*What you have to do*. Return all the lines below exactly. Any picture among them is omitted.

*Supplied entries*.
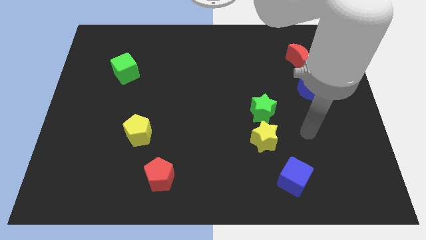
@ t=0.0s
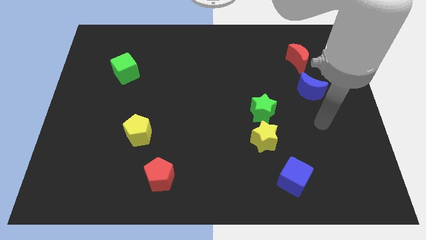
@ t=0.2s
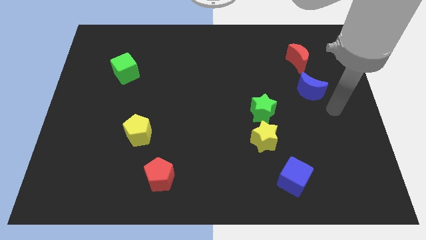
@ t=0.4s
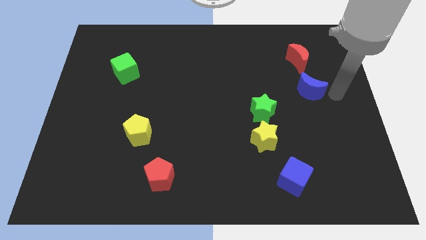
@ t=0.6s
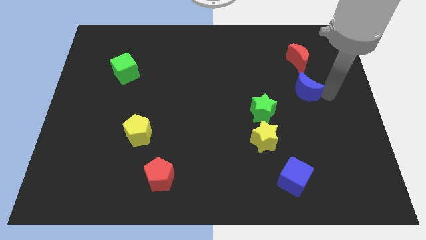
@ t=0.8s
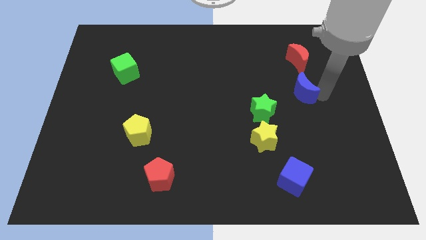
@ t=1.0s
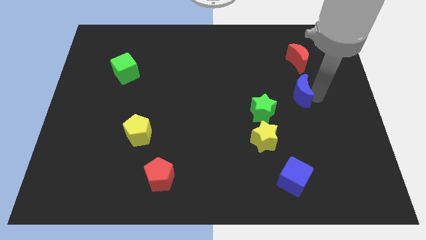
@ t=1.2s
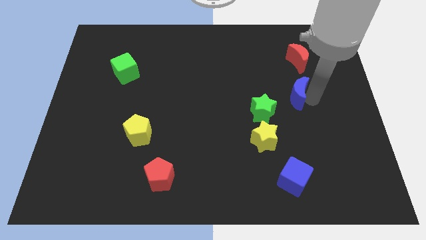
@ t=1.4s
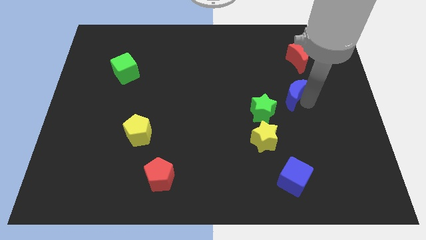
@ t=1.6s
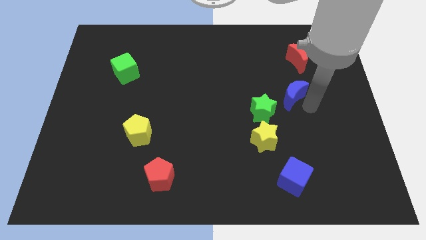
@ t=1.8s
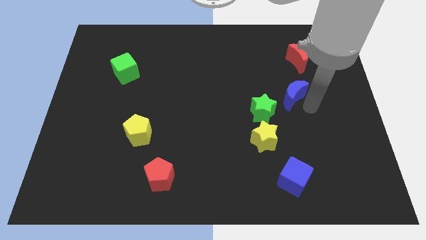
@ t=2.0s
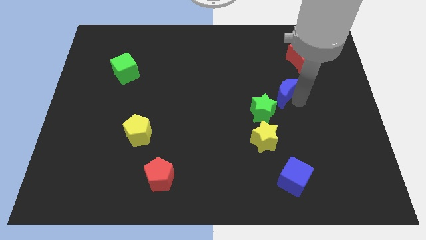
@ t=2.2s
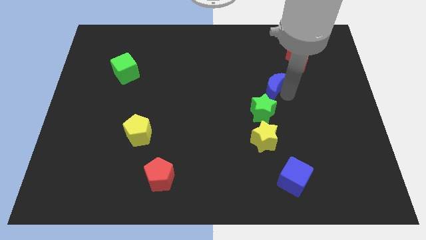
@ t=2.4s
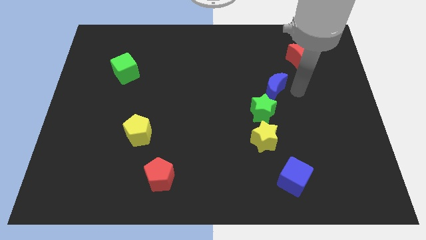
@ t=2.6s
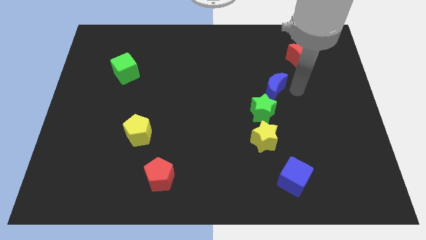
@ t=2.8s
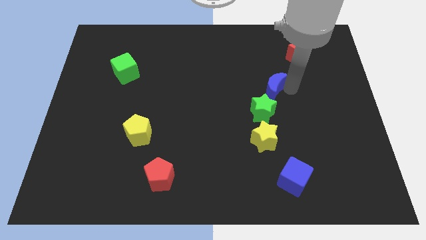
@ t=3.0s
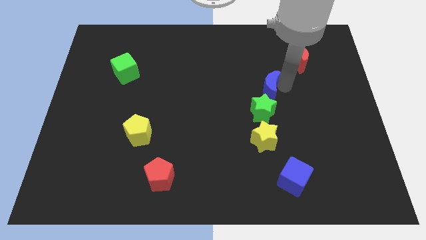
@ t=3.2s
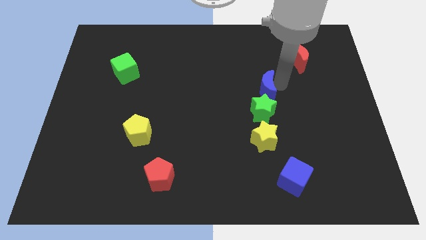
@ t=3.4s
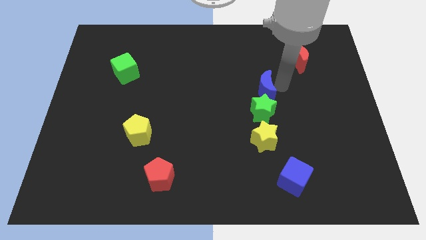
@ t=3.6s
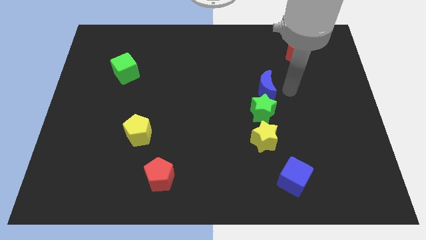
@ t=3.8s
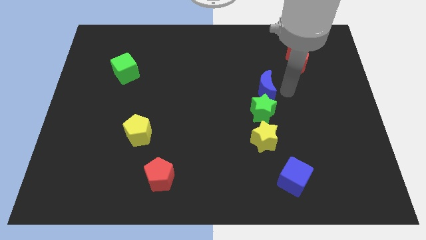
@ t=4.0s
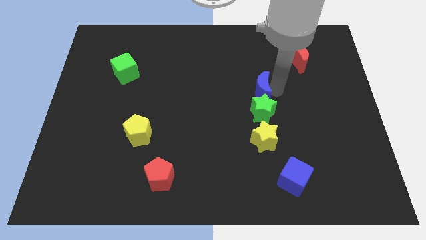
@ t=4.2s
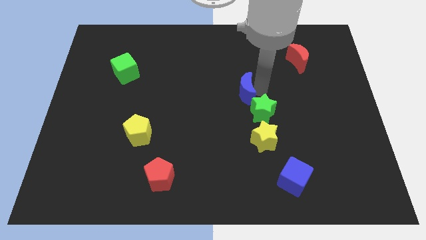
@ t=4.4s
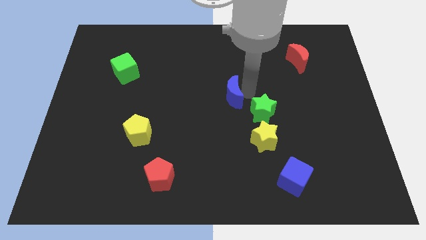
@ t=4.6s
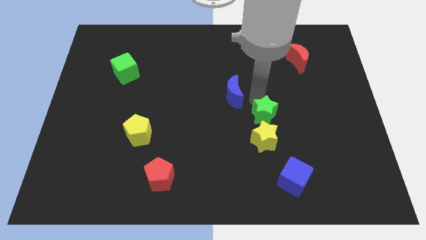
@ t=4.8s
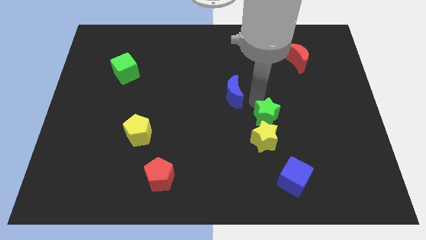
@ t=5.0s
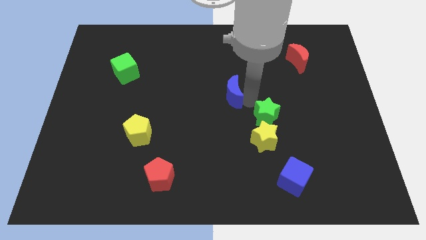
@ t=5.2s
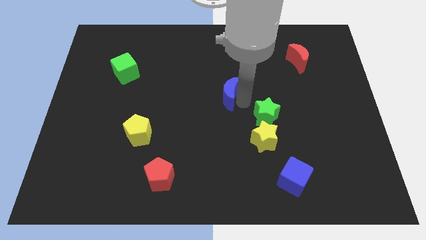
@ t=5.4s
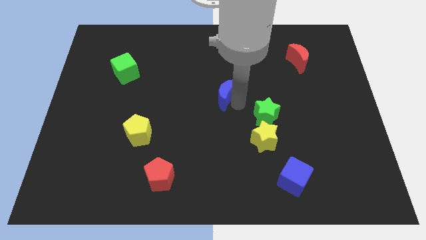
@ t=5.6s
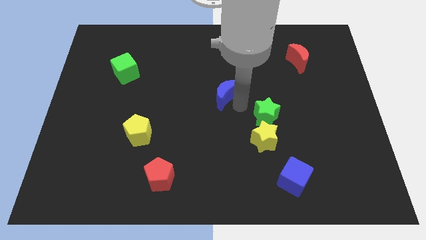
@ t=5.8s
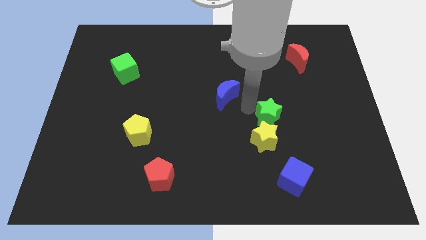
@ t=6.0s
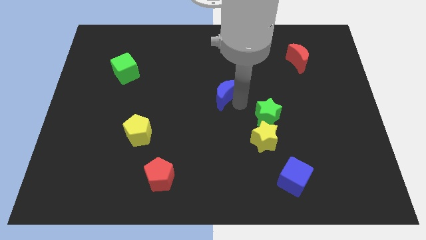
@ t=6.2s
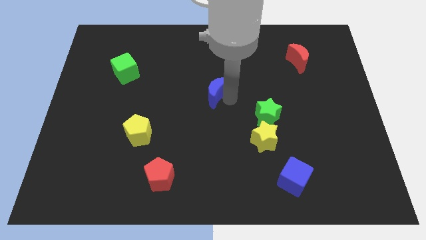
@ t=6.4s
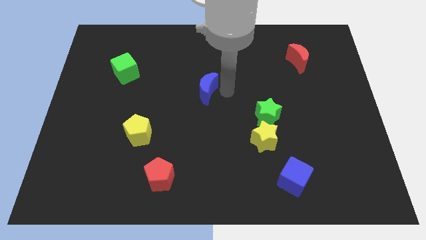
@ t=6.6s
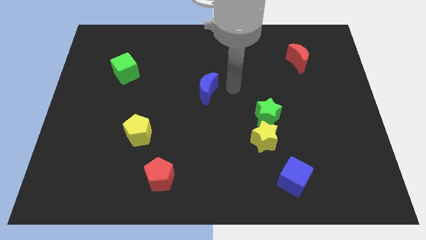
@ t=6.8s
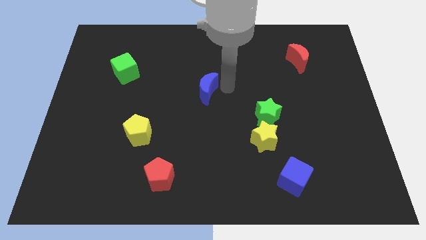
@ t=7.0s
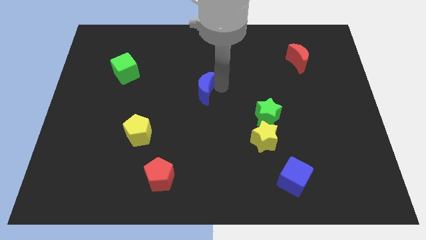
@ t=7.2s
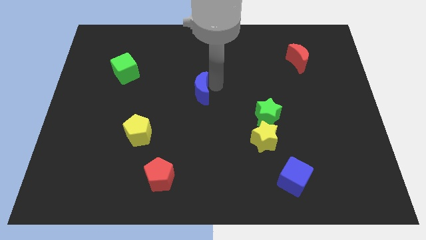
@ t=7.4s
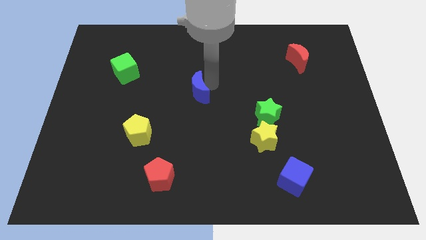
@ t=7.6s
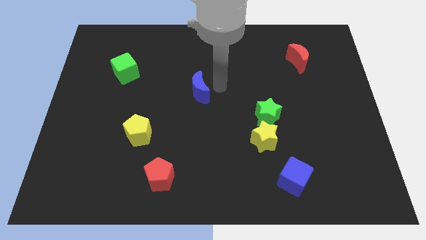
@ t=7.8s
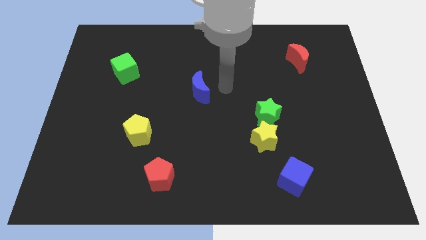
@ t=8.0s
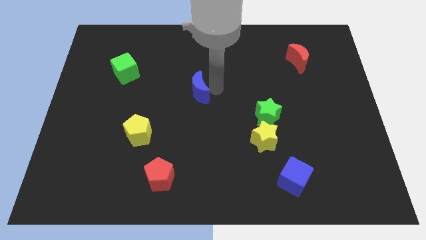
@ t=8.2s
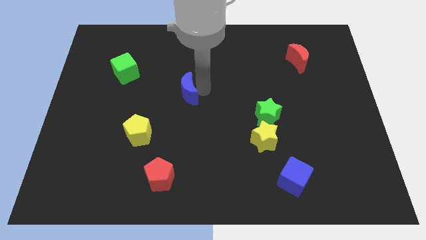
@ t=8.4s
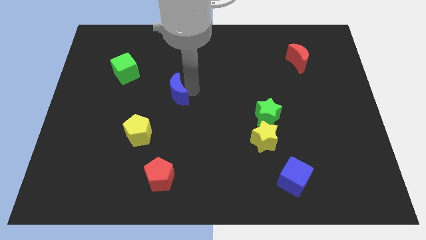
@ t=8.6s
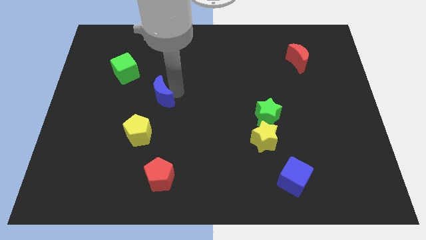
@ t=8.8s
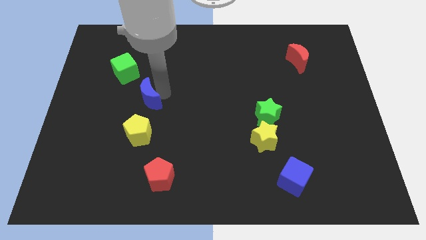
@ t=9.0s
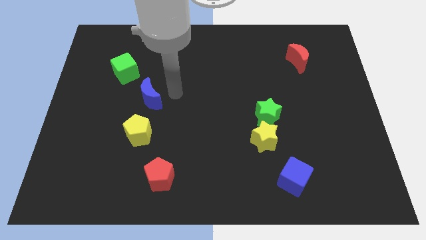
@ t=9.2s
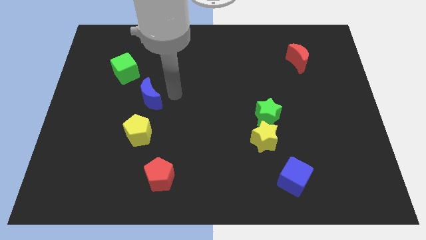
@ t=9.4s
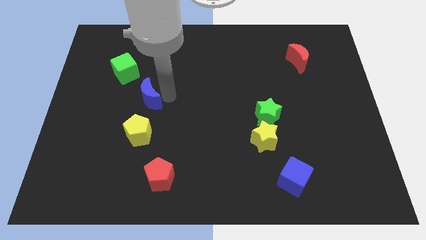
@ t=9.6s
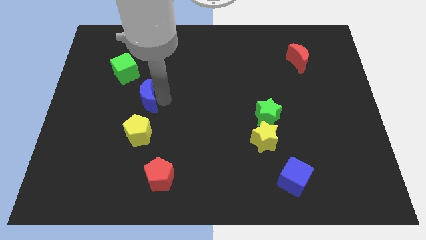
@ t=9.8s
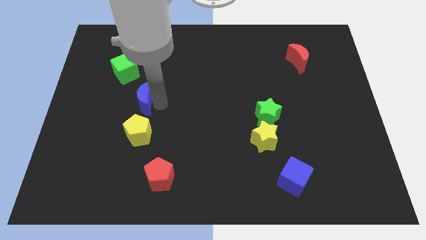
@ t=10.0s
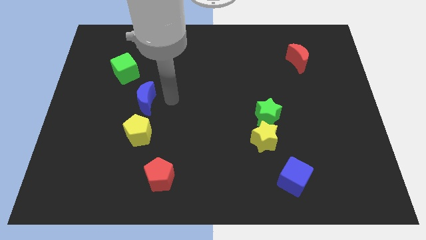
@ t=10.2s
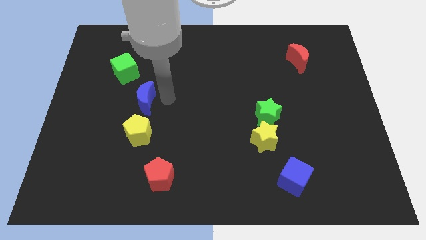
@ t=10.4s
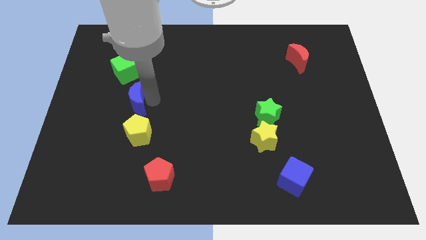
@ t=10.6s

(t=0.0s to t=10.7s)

*Exercise response*.
@ t=0.0s
@ t=0.2s
@ t=0.4s
@ t=0.6s
@ t=0.8s
@ t=1.0s
@ t=1.2s
@ t=1.4s
@ t=1.6s
@ t=1.8s
@ t=2.0s
@ t=2.2s
@ t=2.4s
@ t=2.6s
@ t=2.8s
@ t=3.0s
@ t=3.2s
@ t=3.4s
@ t=3.6s
@ t=3.8s
@ t=4.0s
@ t=4.2s
@ t=4.4s
@ t=4.6s
@ t=4.8s
@ t=5.0s
@ t=5.2s
@ t=5.4s
@ t=5.6s
@ t=5.8s
@ t=6.0s
@ t=6.2s
@ t=6.4s
@ t=6.6s
@ t=6.8s
@ t=7.0s
@ t=7.2s
@ t=7.4s
@ t=7.6s
@ t=7.8s
@ t=8.0s
@ t=8.2s
@ t=8.4s
@ t=8.6s
@ t=8.8s
@ t=9.0s
@ t=9.2s
@ t=9.4s
@ t=9.6s
@ t=9.8s
@ t=10.0s
@ t=10.2s
@ t=10.4s
@ t=10.6s

(t=0.0s to t=10.7s)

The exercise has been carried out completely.